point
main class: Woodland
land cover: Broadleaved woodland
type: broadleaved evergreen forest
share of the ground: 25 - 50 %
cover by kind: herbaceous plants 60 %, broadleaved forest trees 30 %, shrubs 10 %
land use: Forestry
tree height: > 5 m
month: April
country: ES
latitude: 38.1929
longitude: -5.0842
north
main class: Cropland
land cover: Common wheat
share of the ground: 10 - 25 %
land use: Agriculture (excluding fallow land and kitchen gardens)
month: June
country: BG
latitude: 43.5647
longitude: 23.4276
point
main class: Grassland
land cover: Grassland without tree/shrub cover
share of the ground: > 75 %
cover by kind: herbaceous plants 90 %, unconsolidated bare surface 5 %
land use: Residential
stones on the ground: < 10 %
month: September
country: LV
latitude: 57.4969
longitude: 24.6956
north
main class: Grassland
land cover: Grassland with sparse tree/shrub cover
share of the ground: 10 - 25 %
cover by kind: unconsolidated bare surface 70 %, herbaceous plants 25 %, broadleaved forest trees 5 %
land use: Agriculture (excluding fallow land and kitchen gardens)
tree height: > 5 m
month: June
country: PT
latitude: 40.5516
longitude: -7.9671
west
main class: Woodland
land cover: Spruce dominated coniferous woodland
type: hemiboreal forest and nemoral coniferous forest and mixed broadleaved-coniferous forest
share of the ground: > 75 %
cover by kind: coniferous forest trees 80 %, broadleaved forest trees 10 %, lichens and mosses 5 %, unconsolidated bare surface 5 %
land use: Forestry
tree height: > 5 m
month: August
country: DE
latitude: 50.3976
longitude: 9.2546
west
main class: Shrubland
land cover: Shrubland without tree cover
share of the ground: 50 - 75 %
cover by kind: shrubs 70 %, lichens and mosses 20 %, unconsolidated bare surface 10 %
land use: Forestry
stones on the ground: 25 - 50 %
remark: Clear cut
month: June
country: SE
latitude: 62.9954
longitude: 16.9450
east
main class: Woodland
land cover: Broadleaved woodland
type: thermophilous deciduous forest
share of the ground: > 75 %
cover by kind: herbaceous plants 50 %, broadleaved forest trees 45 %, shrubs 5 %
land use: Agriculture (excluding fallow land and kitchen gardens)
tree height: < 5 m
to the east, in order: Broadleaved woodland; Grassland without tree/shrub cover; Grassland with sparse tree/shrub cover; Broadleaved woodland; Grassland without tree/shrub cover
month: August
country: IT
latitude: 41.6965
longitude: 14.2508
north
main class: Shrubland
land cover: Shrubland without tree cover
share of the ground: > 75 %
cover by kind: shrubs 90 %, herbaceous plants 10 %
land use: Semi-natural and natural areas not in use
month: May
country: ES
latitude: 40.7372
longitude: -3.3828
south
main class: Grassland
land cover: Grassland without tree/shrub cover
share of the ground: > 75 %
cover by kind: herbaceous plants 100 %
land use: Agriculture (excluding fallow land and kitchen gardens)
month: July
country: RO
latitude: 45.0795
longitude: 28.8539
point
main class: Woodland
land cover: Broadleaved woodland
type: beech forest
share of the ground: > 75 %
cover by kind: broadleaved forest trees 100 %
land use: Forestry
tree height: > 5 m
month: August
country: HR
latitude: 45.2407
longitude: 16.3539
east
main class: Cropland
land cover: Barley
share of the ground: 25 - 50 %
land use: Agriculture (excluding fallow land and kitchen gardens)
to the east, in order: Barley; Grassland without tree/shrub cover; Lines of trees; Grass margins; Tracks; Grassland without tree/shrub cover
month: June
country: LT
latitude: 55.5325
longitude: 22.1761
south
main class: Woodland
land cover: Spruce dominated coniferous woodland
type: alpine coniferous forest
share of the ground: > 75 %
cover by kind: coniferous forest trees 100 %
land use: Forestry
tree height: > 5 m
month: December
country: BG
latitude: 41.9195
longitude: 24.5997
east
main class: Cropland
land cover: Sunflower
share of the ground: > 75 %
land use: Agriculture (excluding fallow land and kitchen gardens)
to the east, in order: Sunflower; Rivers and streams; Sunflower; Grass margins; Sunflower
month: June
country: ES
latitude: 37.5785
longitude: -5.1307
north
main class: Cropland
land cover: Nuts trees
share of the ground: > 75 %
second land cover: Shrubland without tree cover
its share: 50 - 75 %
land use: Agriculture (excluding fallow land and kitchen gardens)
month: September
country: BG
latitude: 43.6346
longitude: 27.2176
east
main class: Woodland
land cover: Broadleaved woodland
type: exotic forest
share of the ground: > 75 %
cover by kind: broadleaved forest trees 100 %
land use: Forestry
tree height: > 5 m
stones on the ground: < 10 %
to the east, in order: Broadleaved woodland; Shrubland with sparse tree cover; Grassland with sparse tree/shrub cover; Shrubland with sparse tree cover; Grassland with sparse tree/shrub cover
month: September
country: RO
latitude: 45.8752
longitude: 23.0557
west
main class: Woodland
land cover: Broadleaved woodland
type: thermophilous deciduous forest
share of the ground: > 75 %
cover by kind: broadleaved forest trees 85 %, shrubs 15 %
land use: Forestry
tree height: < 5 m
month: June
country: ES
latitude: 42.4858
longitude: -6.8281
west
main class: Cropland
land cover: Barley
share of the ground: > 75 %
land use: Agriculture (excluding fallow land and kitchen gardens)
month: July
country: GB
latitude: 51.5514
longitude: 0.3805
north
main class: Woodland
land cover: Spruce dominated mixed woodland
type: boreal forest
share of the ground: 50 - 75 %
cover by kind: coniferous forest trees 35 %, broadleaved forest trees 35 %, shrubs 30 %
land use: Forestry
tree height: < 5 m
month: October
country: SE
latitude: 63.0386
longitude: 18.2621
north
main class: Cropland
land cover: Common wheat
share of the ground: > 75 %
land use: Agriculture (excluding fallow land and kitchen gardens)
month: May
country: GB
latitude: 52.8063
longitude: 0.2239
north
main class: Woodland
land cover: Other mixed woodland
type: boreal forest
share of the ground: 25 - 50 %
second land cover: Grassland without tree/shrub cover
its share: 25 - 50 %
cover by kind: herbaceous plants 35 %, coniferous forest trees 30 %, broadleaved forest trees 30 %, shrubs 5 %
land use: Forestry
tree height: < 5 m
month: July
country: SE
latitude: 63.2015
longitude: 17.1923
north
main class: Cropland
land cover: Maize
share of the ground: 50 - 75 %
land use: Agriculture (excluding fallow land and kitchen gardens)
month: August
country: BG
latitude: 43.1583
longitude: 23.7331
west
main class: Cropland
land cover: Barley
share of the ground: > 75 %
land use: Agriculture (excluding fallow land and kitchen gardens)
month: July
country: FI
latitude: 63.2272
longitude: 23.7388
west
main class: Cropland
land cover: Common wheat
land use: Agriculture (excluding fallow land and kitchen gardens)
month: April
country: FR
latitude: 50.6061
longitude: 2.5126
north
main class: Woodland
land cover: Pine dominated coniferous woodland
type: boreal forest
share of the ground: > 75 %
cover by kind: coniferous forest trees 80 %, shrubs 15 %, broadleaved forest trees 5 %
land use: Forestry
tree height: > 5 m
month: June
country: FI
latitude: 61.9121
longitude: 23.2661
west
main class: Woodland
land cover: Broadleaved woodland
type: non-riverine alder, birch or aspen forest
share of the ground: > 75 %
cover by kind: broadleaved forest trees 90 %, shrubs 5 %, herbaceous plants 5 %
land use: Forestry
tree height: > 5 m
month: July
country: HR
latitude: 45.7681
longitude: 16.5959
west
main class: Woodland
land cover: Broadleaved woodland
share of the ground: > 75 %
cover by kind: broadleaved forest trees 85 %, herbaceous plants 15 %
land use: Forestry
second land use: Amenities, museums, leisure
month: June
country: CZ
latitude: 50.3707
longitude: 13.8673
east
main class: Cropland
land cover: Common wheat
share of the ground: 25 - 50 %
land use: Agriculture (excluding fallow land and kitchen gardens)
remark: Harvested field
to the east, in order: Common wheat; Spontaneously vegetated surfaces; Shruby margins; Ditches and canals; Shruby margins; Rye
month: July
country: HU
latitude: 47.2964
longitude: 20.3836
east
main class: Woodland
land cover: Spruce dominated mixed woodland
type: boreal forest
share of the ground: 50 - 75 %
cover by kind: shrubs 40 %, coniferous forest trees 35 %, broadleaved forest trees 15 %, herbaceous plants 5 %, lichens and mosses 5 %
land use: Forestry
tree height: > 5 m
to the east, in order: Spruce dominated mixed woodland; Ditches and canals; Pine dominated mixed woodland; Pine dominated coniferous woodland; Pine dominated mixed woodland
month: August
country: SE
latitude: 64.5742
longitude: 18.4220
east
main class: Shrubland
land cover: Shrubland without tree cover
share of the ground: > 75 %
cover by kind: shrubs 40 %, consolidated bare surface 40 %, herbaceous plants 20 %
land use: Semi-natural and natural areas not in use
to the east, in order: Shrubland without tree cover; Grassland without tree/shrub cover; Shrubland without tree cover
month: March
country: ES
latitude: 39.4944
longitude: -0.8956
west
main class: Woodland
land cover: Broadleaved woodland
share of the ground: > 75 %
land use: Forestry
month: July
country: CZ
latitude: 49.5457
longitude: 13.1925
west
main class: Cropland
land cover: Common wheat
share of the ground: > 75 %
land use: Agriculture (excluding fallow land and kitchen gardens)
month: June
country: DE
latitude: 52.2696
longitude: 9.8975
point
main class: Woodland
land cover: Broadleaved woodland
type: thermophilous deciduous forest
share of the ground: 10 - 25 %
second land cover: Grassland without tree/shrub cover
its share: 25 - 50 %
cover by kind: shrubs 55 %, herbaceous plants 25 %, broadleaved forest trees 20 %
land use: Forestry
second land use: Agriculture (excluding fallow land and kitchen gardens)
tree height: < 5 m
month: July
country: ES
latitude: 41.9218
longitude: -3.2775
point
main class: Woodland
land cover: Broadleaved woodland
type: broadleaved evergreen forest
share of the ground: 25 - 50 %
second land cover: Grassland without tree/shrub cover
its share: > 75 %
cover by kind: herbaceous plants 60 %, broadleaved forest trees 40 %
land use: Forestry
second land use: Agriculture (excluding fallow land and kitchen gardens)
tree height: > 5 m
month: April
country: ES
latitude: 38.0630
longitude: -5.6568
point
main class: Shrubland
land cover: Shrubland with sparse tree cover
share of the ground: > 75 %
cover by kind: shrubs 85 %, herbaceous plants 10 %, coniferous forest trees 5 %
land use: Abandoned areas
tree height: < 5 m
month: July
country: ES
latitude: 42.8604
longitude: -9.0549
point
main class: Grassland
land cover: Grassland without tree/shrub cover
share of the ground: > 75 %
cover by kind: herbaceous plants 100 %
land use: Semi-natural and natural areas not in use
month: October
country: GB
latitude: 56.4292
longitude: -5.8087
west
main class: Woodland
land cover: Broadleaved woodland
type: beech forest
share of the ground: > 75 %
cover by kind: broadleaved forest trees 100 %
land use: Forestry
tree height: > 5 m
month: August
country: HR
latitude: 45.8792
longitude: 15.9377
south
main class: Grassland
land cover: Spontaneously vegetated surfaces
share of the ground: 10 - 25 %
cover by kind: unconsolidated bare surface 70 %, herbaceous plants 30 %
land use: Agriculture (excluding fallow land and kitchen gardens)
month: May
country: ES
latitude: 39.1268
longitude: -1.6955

TASK »
Select and copy every line from the records that includes the word "mosses".

ANSWER SECTION »
cover by kind: coniferous forest trees 80 %, broadleaved forest trees 10 %, lichens and mosses 5 %, unconsolidated bare surface 5 %
cover by kind: shrubs 70 %, lichens and mosses 20 %, unconsolidated bare surface 10 %
cover by kind: shrubs 40 %, coniferous forest trees 35 %, broadleaved forest trees 15 %, herbaceous plants 5 %, lichens and mosses 5 %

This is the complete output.